Synaptophysin-expressing visceral glomus tumors have been recently reported.^1–6 Because the stomach is one of the most common gastrointestinal sites for neuroendocrine tumors and glomus tumors, synaptophysin-expressing glomus tumors can be mistaken for neuroendocrine tumors in gastric endoscopic biopsy specimens. We report two patients with gastric glomus tumors that were originally misdiagnosed as gastric neuroendocrine tumors because they expressed synaptophysin. Synaptophysin-expressing visceral glomus tumors have important implications.

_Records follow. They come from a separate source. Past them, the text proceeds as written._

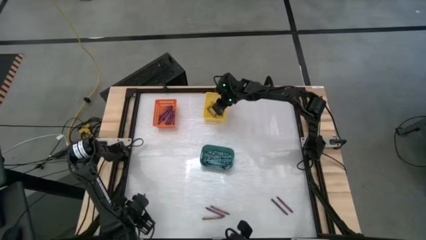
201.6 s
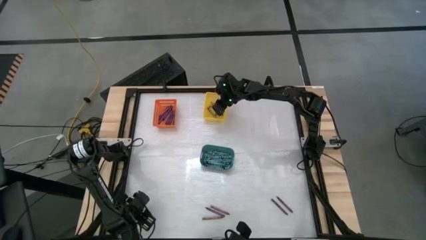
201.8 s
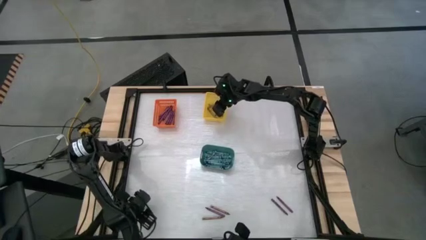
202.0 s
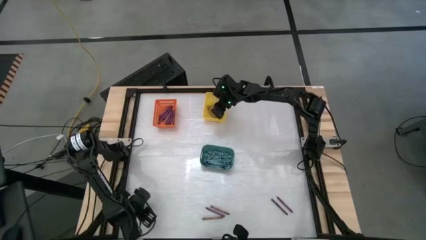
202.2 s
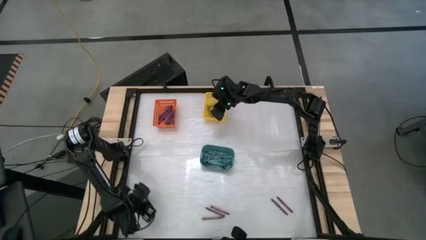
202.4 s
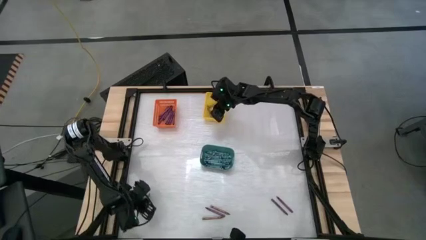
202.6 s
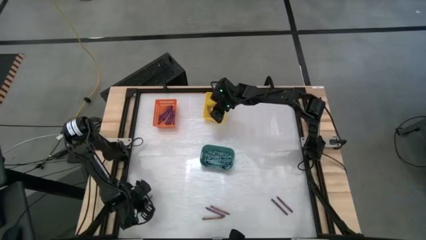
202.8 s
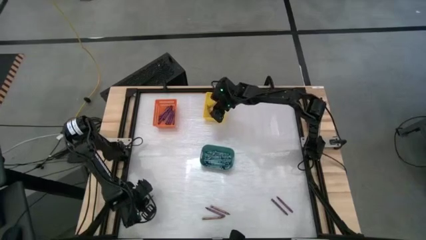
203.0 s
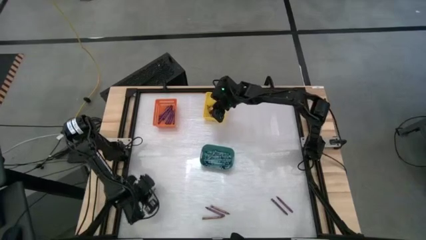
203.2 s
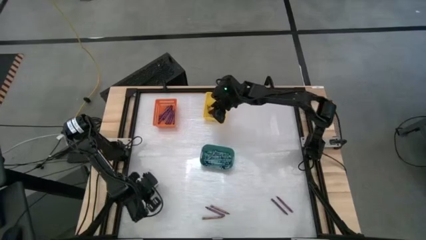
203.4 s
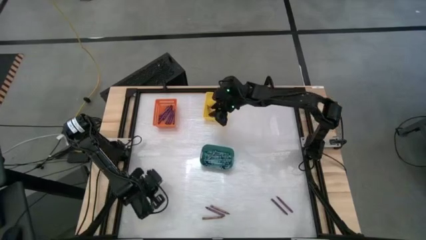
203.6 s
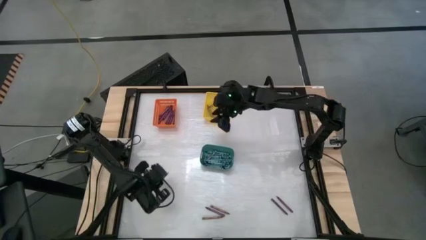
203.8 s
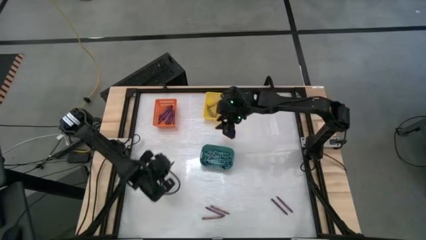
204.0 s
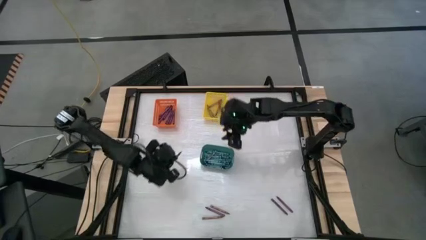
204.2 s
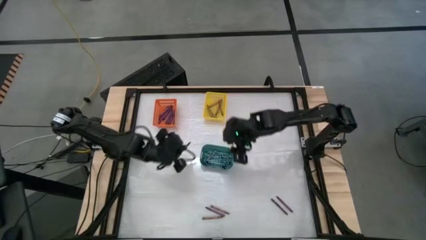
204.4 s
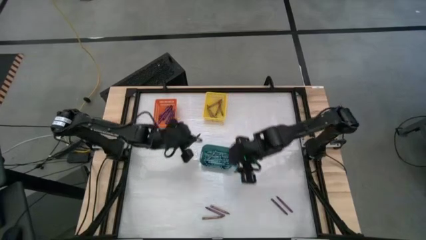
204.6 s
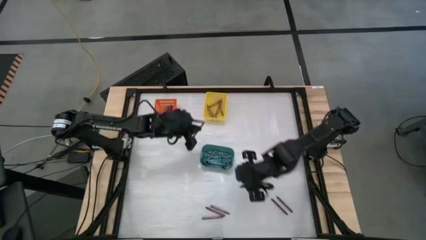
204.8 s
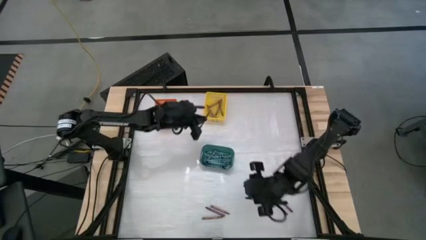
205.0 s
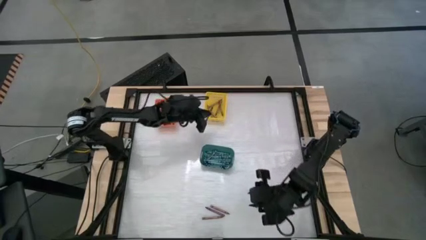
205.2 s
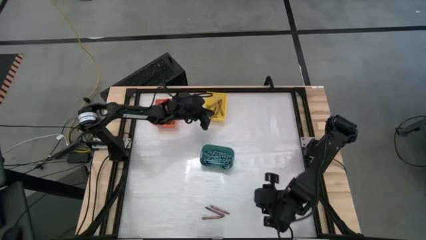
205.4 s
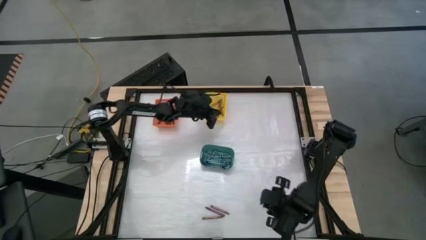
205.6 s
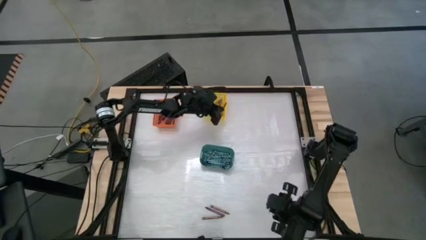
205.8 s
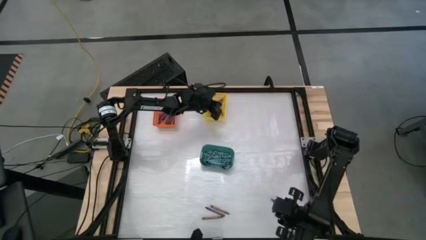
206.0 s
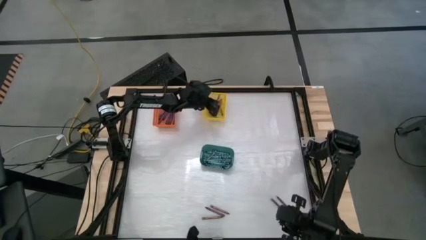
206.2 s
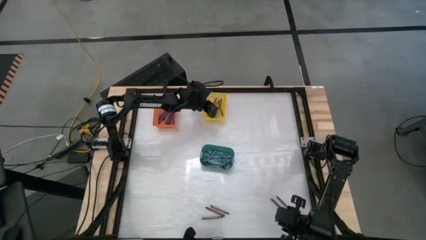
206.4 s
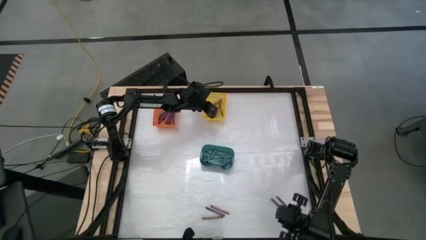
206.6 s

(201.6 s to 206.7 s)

The first patient (the index case, Patient 1) was a 48-year-old man. He presented with epigastric abdominal pain for 1 month with black stool. Gastroscopy revealed an antral polypoid mass (6.5 × 5.5 cm) with mucosal ulceration. Radiologically, it showed a large infiltrating mass involving the muscle layer with lymph node involvement. Endoscopic biopsy samples were procured from the lesion. The specimen was composed of multiple pieces of antral-type mucosa and submucosa intermixed with pieces of solid nodular tumor tissue (Figure 1). The initial histopathologic diagnosis was a neuroendocrine tumor pending immunohistochemical confirmation. A limited panel of synaptophysin, KIT (CD117), CD45, keratin (AE1/AE3), and Ki67 was initially performed. The tumor cells expressed synaptophysin (Figure 2) and showed a 3% Ki67 index. They were negative for the other immunomarkers. Because neuroendocrine tumors are usually keratin-positive, the immunomarkers panel was extended to include chromogranin A, CD56, S100, CD34, DOG1, and smooth muscle actin. The tumor cells expressed smooth muscle actin but were negative for the other markers (Figure 2). Calponin and desmin were added and the tumor cells were positive for calponin, but negative for desmin. The histopathologic examination of the small endoscopic samples of the tumor did not reveal cellular atypia, an increased mitotic index or necrosis. The patient has developed liver metastasis after a 3-months follow-up. Considering the large size and clinical behavior, the final diagnosis of a malignant gastric glomus tumor was entertained.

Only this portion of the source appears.